Speaking on the imperative he noted that “creative industries can be potent vehicles for more equitable, sustainable and inclusive growth strategies for African economies.”
He however lamented the sad state of affairs where despite Africa’s deep pool of local talent, the continent still lacked the infrastructure and capacity to scale by commercializing its creative output in order to reap the huge dividends accruable.
That sentiment was echoed by speaker after speaker at the Africa Soft Power Series event. The overwhelming concern was how to monetize intellectual property, access finance and achieve scale.
Professor Oramah was clear that the African creative industry must move from the stage of potential to achievement. And this sentiment assumes specific gravity when considered in the context of the fact that Netflix has invested $3bn in the EU and employed over 18,000 people in the space of eight short years according to Dean Garfield of Netflix who, in speaking to their African aspirations, noted that “our mission is to entertain the world and we can’t achieve that mission without Africa. Africa has 1.2bn people with the youngest population in any region in the world and a strong storytelling tradition.”
So, if the market is there and the pool of talent is not lacking, what is keeping Africa from taking over? The answer lies in collaboration, capacity building and enabling creative infrastructure.
The message of collaboration was emphasized by Dean Garfield who further stated: “One of my key action items coming out of this conversation is to make sure that I follow up with AIF and figure out how we can learn more and partner with you because there seems to be a lot of alignment in our mission, and ways for us to enable each other’s success.”

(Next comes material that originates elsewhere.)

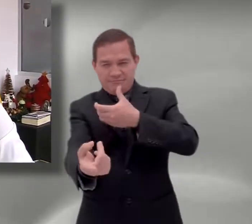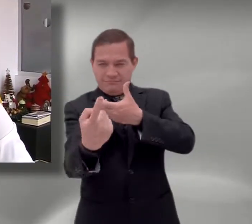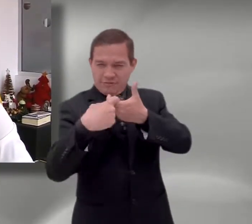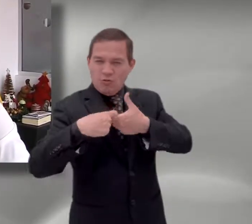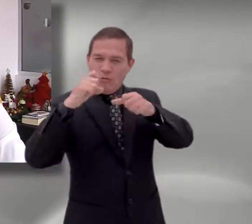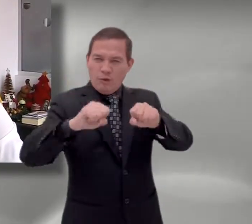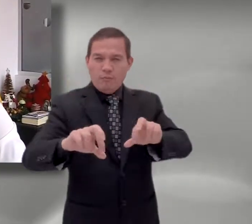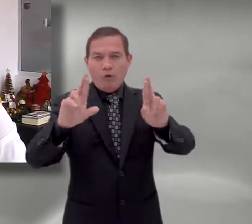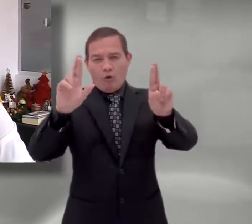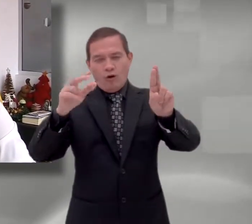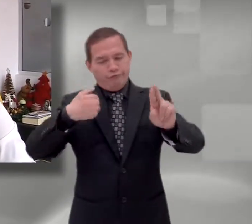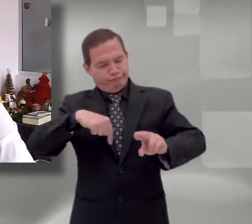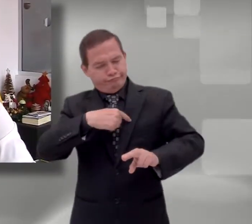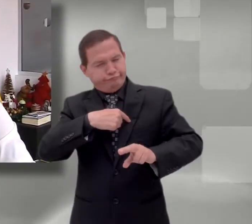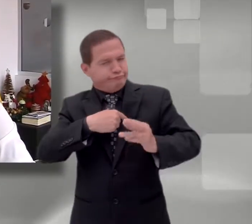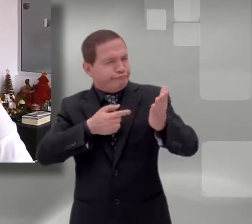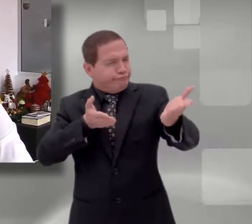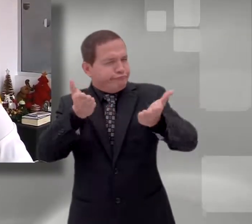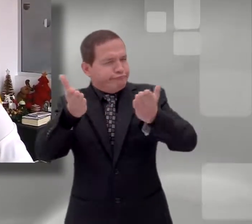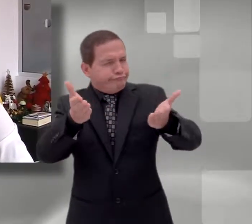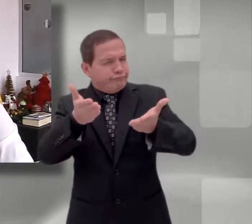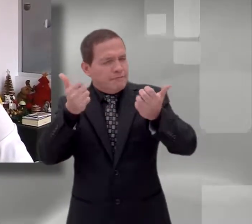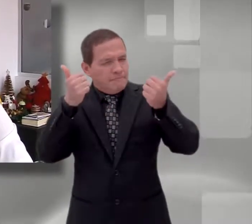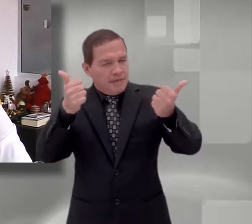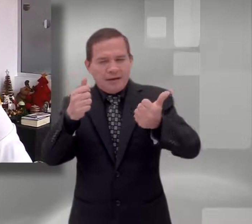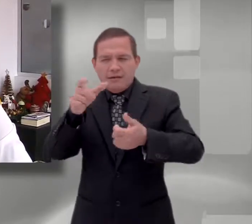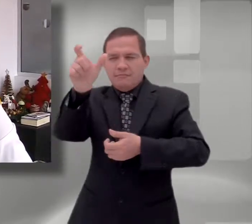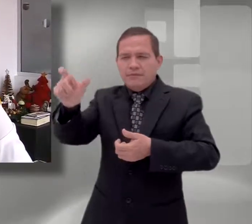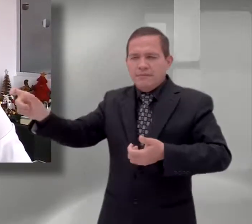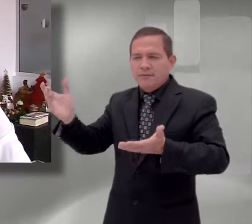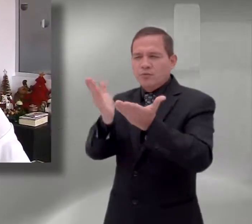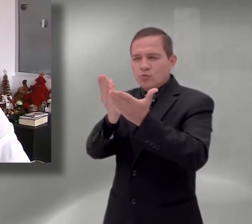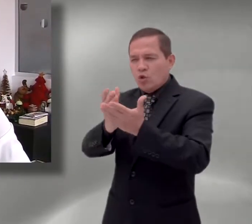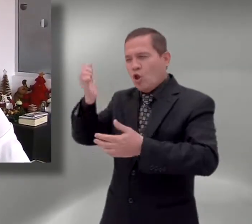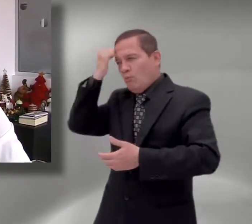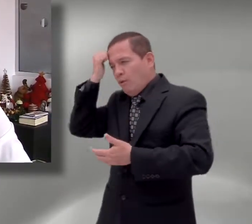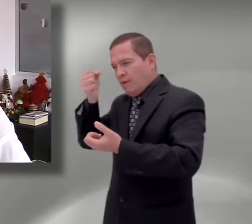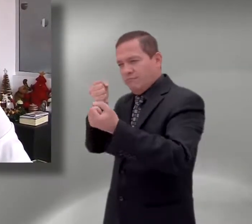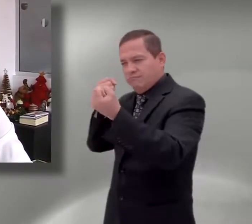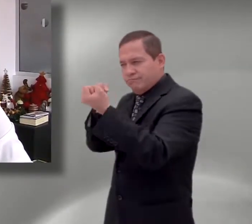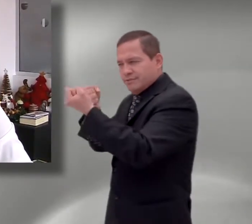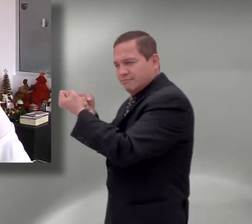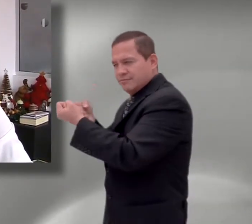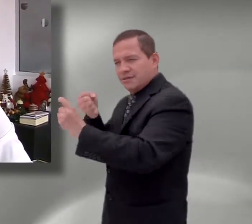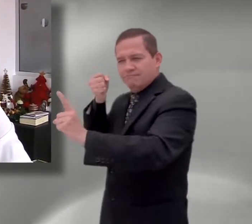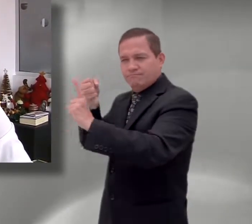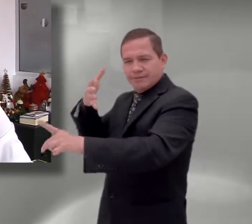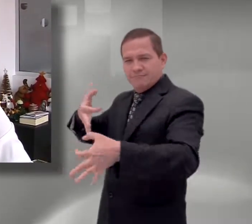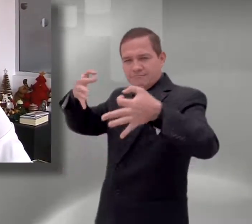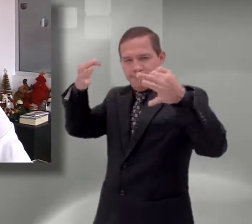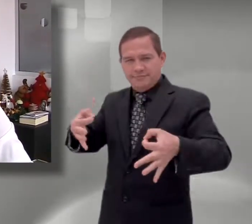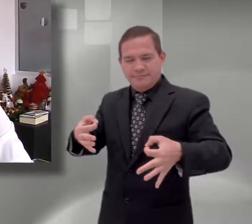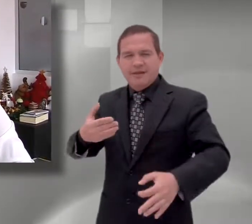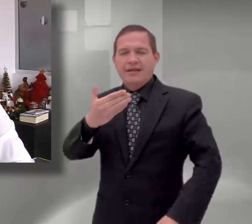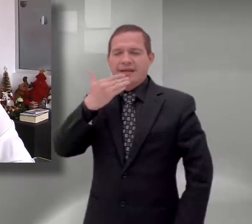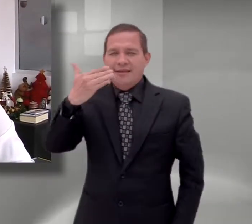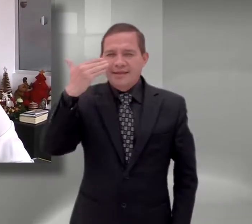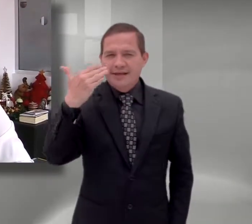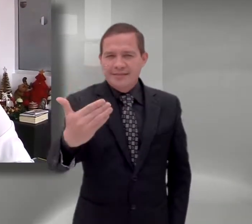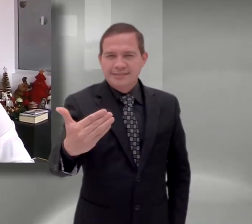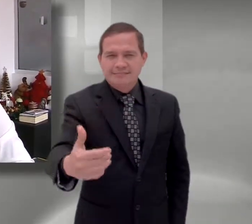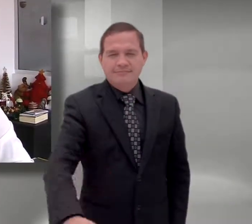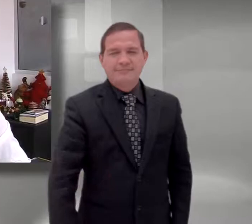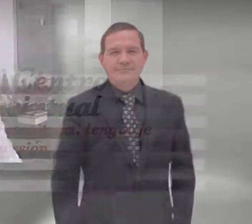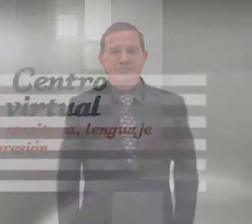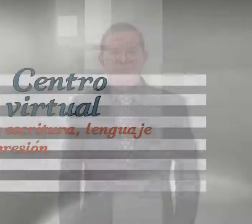los mejores servicios y tener el impacto esperado en toda nuestra comunidad. Felicidades y muchas

The point was brought home by Ms Anohu, Senior Director at Africa Investment Forum who noted that the idea behind setting up the AIF was to facilitate collaboration which has seen the creation of over 15,000 jobs in Mozambique as well as the exchange of ideas at the AIF’s Marketplace.
As she put it “I think the very ethos of the AIF is a collaborative effort. Even though it’s an initiative of President Adesina of AFDB, he still sought out partners from all over and so far we have seen that collaboration works.”
Ms Anohu also made the point that the AIF will collaborate with Netflix because of her belief that the African creative sector is a pot of gold hiding in plain sight. According to her “the creative sector is so vast and one of the biggest markets the African continents has and so to ignore it is to do a disservice to the continent. The kind of strides recorded without institutional support shows that giving them support will galvanise the sector.”
That institutional support will enable African creatives to access finance, obtain financial advisory, and with the AfCFTA now on stream, enable them better access to a continental-wide as well as a global market which will help them achieve economies of scale.
But the end game is one in which a well-funded creative sector enables practitioners to produce better quality works which would in turn help change the existing state of affairs captured succinctly by Professor Benedict Oramah who noted that owing to “underinvestment in the creative and cultural industries, Africa is largely absent in the global market of ideas, values and aesthetics as conveyed through music, theatre, literature, film and television. African countries import overwhelmingly more creative goods than they export or trade amongst themselves.”
To achieve that, African Creatives and those in the financial services sector, as well as streaming companies and content buyers like Netflix, must collaborate in order to fully explore that nexus linking the show to the business side of the creative economy.
* Toni Kan, a PR executive, writes from Lagos.